EXERCISE INPUT —
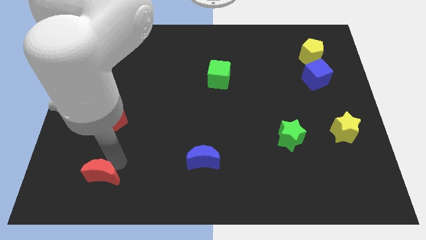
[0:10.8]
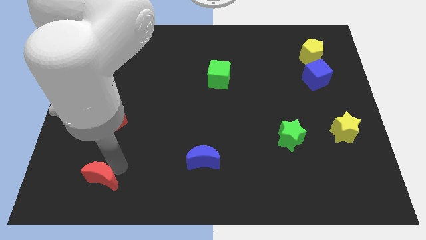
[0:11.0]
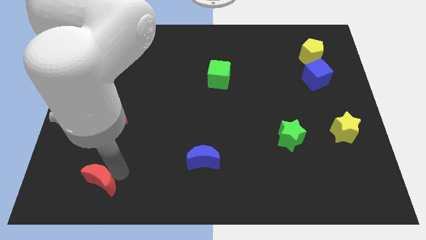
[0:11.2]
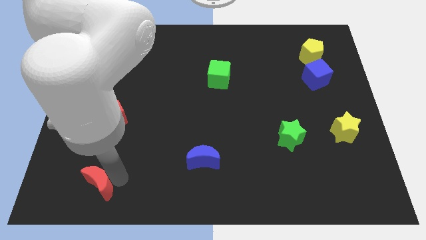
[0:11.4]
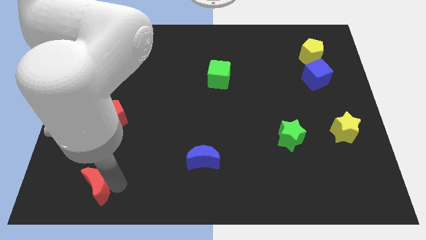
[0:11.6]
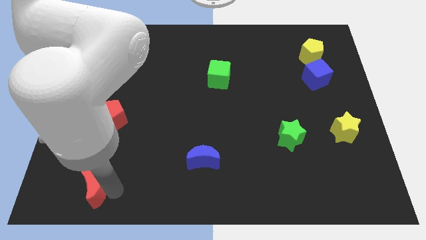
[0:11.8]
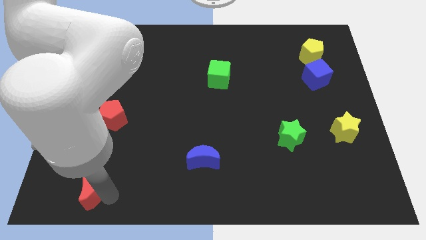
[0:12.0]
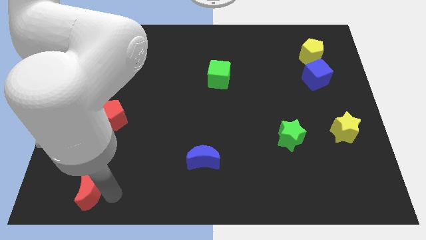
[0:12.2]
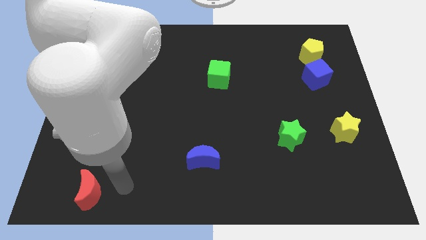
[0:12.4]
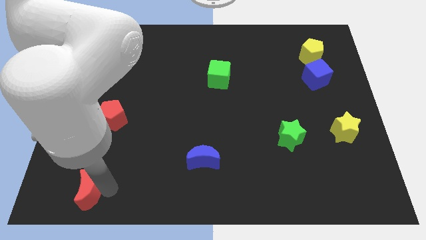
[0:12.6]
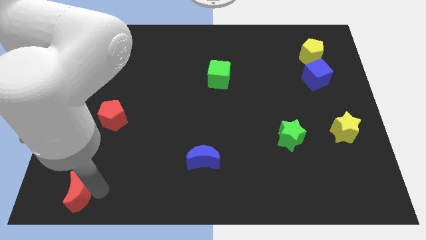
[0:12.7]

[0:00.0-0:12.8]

WHAT THIS TASK INVOLVES — Would you restate the records above word for word and exclude the pictures?

RESPONSE FOR THIS EXERCISE —
[0:10.8]
[0:11.0]
[0:11.2]
[0:11.4]
[0:11.6]
[0:11.8]
[0:12.0]
[0:12.2]
[0:12.4]
[0:12.6]
[0:12.7]

[0:00.0-0:12.8]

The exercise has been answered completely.